Enfalac ARWhen infant formulas are changed they are not necessarily improved. The latest version of Enfalac is evidence of this. Changes are, more often then not, dictated by the need to use a new marketing spin, create a new wrinkle and add hype to otherwise stagnant promotions. This time the product is trading on an infant feeding habit of parents adding cereal to their baby’s formula, in the hope that the baby will sleep longer or through the night. This habit is discouraged by health care workers. The product also claims that the formula becomes even thicker when it hits the baby’s stomach where acidic conditions cause more swelling of the starch.

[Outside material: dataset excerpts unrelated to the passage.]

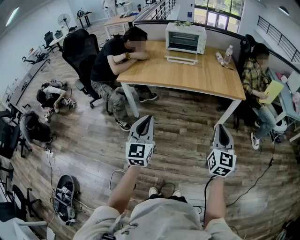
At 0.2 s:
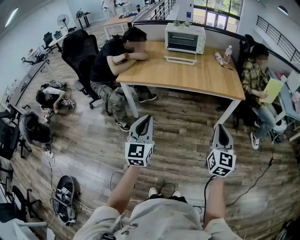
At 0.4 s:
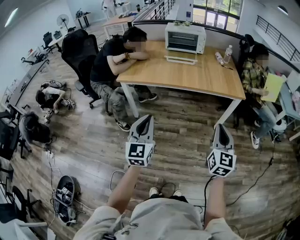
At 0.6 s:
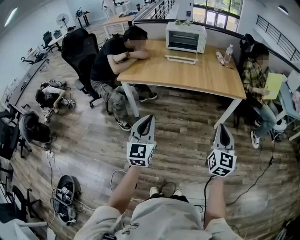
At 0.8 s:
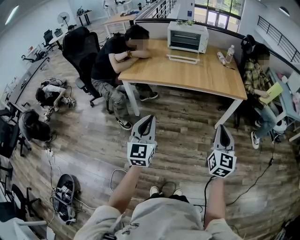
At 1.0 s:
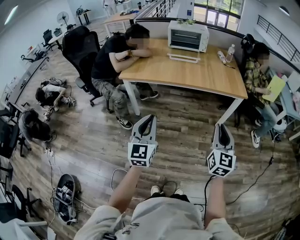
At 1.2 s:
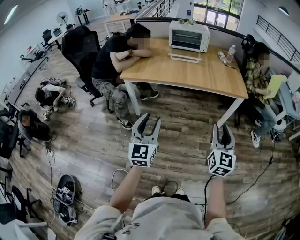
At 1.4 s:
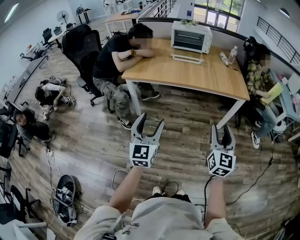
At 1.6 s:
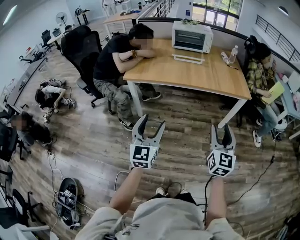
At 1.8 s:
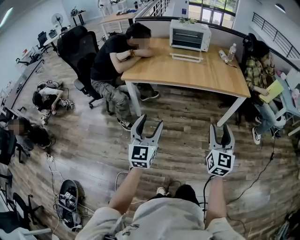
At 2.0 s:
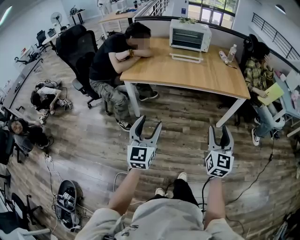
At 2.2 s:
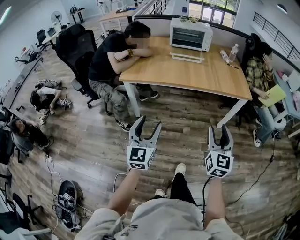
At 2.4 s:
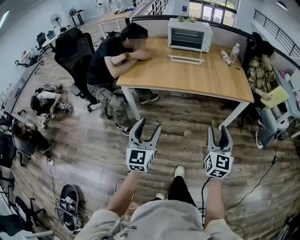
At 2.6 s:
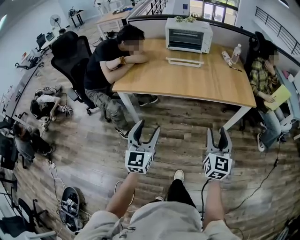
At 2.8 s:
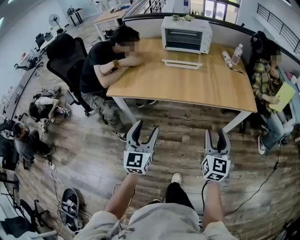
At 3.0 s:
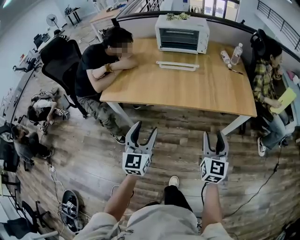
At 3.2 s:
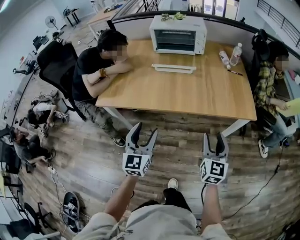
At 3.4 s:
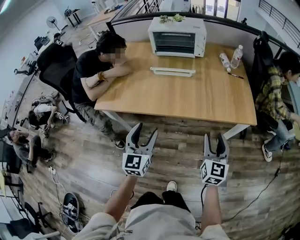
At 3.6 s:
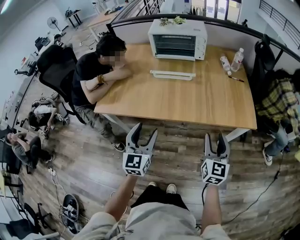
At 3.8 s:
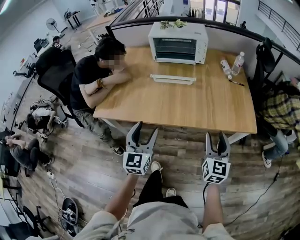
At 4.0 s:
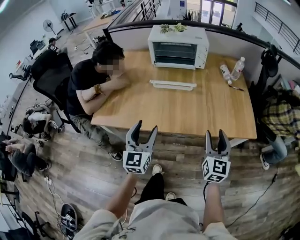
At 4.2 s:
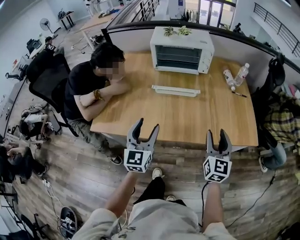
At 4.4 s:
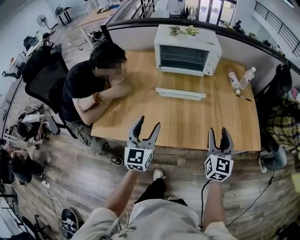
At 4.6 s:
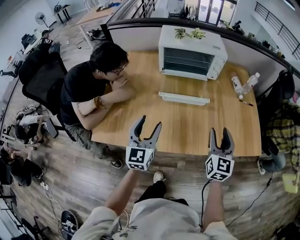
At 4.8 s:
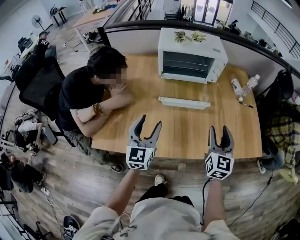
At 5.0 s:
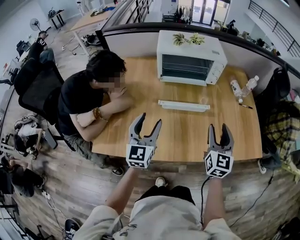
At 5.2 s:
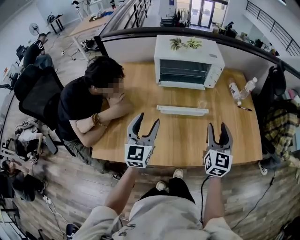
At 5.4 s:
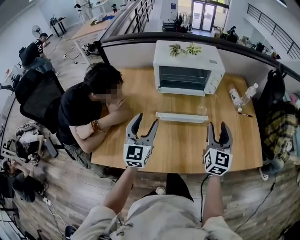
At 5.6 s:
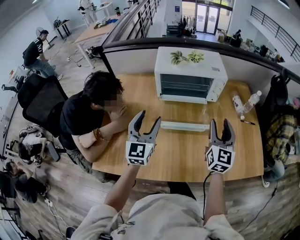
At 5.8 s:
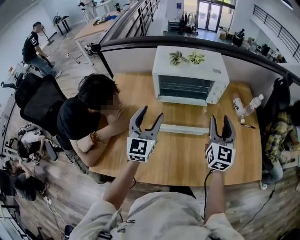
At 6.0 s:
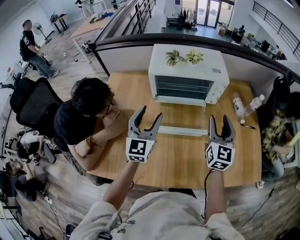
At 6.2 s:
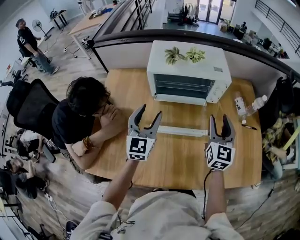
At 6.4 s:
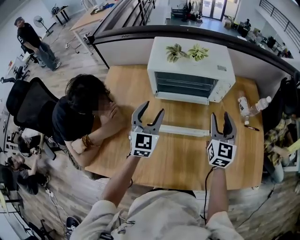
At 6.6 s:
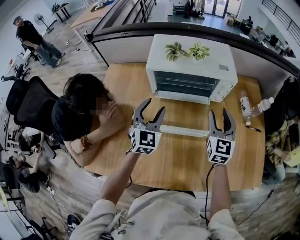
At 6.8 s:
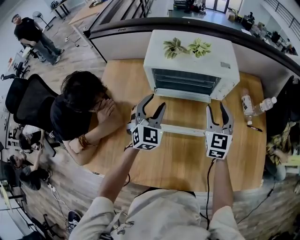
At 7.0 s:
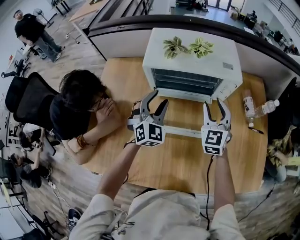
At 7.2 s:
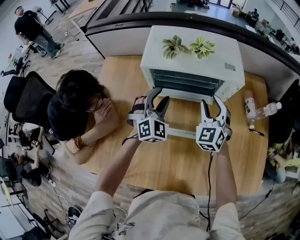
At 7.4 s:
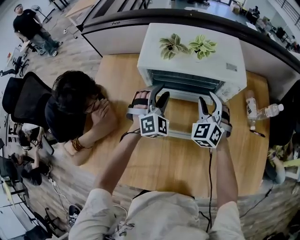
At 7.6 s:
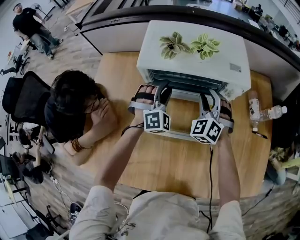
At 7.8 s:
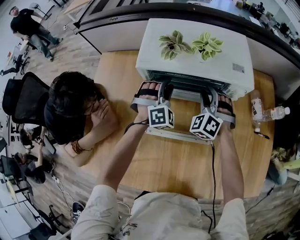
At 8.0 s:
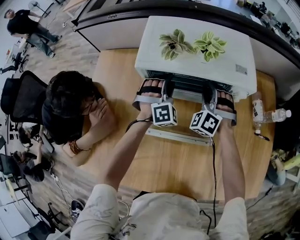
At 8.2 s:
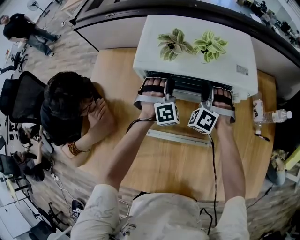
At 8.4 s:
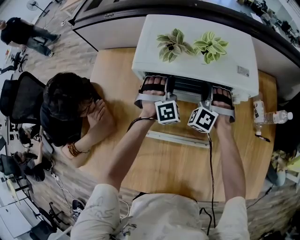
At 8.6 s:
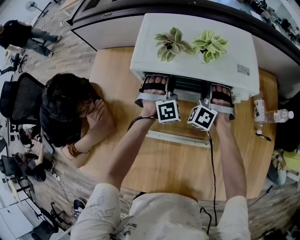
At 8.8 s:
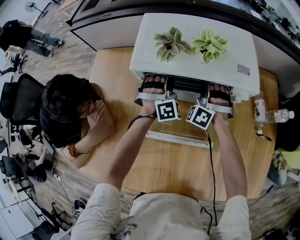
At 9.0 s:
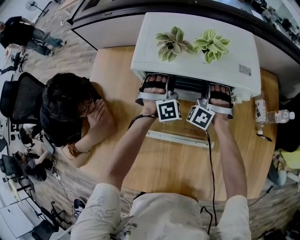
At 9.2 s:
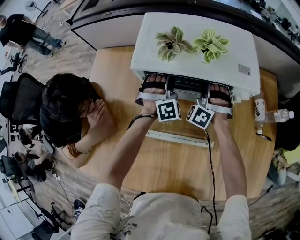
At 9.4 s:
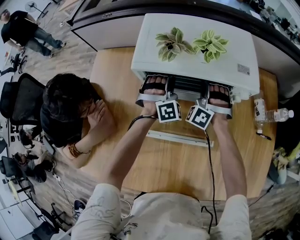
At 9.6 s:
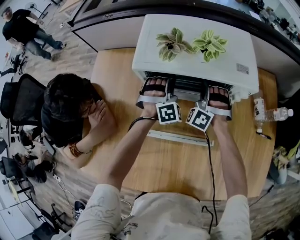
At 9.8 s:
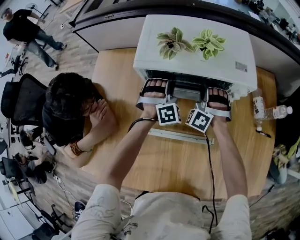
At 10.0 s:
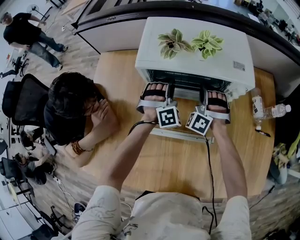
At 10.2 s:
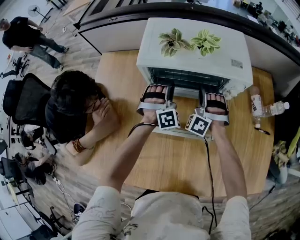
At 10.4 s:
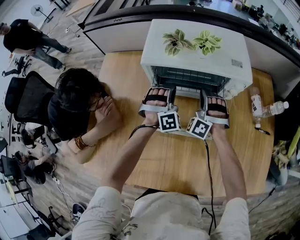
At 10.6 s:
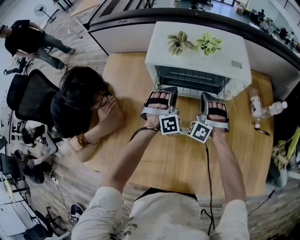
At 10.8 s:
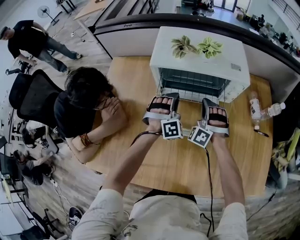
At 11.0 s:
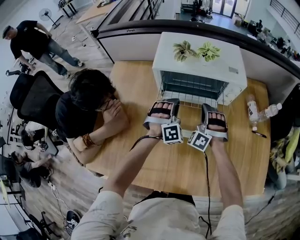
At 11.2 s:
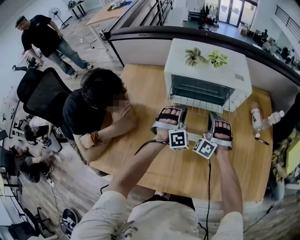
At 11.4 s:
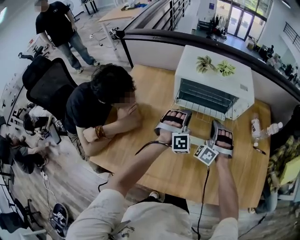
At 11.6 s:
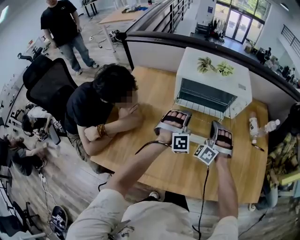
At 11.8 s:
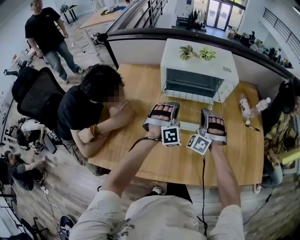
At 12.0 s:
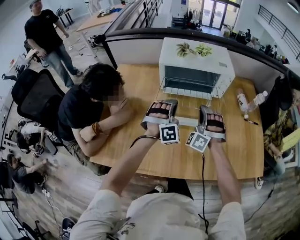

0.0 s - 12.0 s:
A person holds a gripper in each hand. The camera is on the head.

Is this formula an improvement for infants? We think not!

The role of lactose in infant nutrition
Reading the ingredients listing we note, in order of quantities present: non-fat milk solids, rice starch, lactose… Rice starch, as the second ingredient is clearly replacing a major portion of the lactose that is the normal carbohydrate source for young infants and newborns.

Lactose, a disaccharide, is the major source of carbohydrate in human milk. When digested it splits into glucose and galactose. Lactose provides a very important function in the infant’s digestive tract by establishing healthy intestinal flora. By working in tandem with the bifidus factor in human milk, lactose stimulates the growth of Lactobacillus bifidus. The high lactose content of the gut, the low protein content, as well as low bulk encourages this favourable gut growth resulting in a more acidic environment and thus limiting the growth of potentially harmful pathogenic bacteria.

Ability to digest rice starch
At birth infants have a structurally immature stomach and intestinal system. Their digestive capabilities are fully geared to digest human milk. Intestinal enzymes required to break down non-breastmilk constituents such as amylases needed to digest starch are present in low levels. However, to digest lactose, the level of lactase in the newborn is very high.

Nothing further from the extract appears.